No, Nope, No Way. Never. To be someone else’s missing part suggest I’m also missing a part of me. And I’m not having that.
This romantic myth of soul mates and missing parts is the same old sh!t of looking outside of ourselves for something or someone to make us feel whole and happy.
We are whole. We are complete and its an inside job to feel good about ourselves and our lives.
If we’re depending on someone else to give us feelings of happiness, wholeness, even safety and security we’re going to make that person we project all of this onto very, very unhappy.
It’s no-one else’s job to make you feel good. That task is yours to do.
And we’re sold this lie that we need something, someone else before we are enough.
You must be part of a couple, part of a family, part of a group, part of a tribe. You must have all the things your chosen people have and more, always more.
Outside things don’t solve internal issues.
If you feel empty inside, if you feel lonely and disconnected, the answer is not another person or another top or coat or pair of jeans or another drink or another donut!
These old wounds may be temporarily soothed by such things but they can never heal you.
And soon your temporary soothers become a problem in and of themselves.
The other person you rely on to make you happy starts to resent having to perform that task, fulfil your needs. What about them? The co-dependence starts to wear thin and you start making each other miserable instead.
Drink, drugs, food, tv, social media, technology, sex: all are fine in moderation and when used for the right reasons. But when used as an escape from your feelings, you rapidly need more and more and more and its never enough.
And using starts making you miserable and sick and yet you can’t stop because you don’t want to feel. Not the effects of stopping using and not the thing you were using to push away.
The answer you are looking for, the love, the wholeness, the connection – its all inside of you.
You are your soul mate. You are your solution to all your problems.
Access the knowledge you have within, free the love and compassion you’ve walled up and allow it to flood through you.
Give yourself what you need. Give yourself what you want.
You are in the right place, you are the right person, you have everything you need.
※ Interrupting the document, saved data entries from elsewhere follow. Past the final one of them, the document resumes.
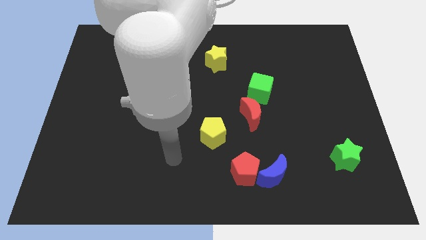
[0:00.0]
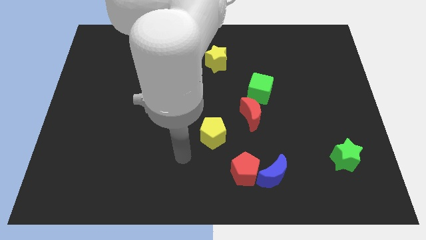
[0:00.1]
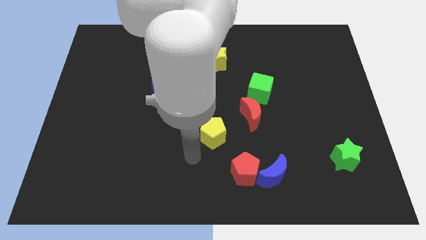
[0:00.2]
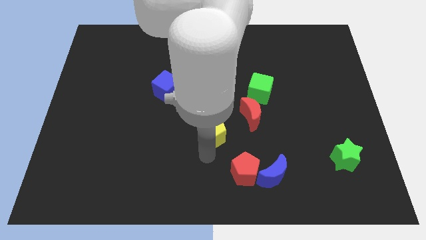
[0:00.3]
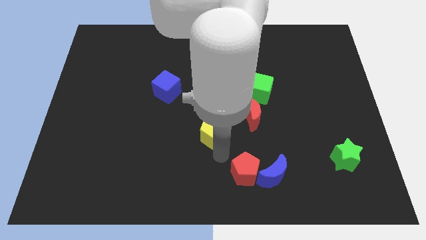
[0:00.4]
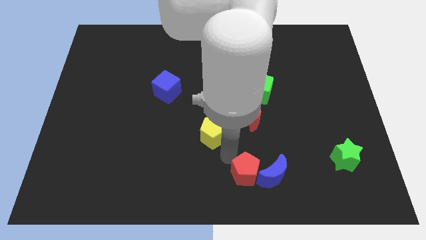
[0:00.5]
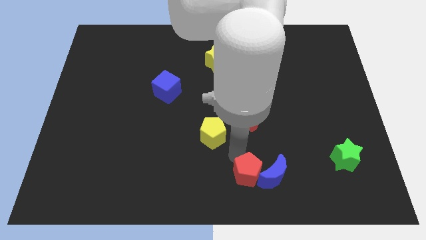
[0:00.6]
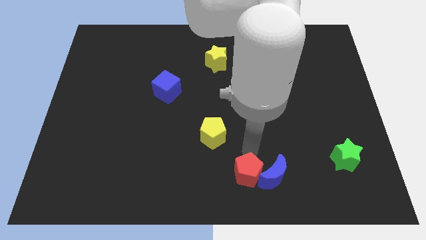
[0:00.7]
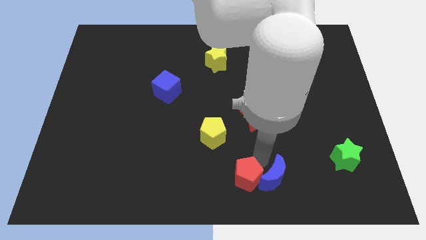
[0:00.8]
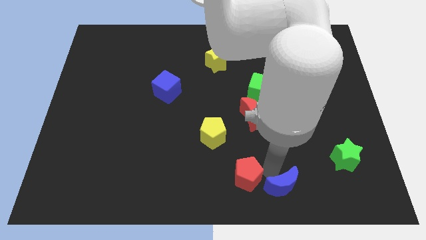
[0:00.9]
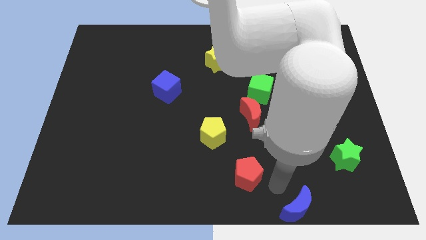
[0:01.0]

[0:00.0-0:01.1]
move the red pentagon away from the blue moon

All you need to do is start trusting yourself. Not the critical voice that shouts so loud, but that quiet still voice that indicates with a feeling, a subtle nudge to show when you’re veering off track.
Follow that’s voice guidance and you will never feel incomplete again. There are no missing pieces for someone else to fill for you. You are it. You are all you need.
And when you fill yourself up with love, imagine how great your life will be, because you don’t put unnecessary demands on other people. There’s no pressure for them to make you happy, to ‘complete’ you.
Two people in tune with their feelings and not expecting the other person to make them anything.
Not a great base for a Hollywood story but the best base for real life love stories.
Be your own best friend. Be your own soul mate. Be your own lover.
Life is as good as you make it.
Why not choose yourself and make your life great?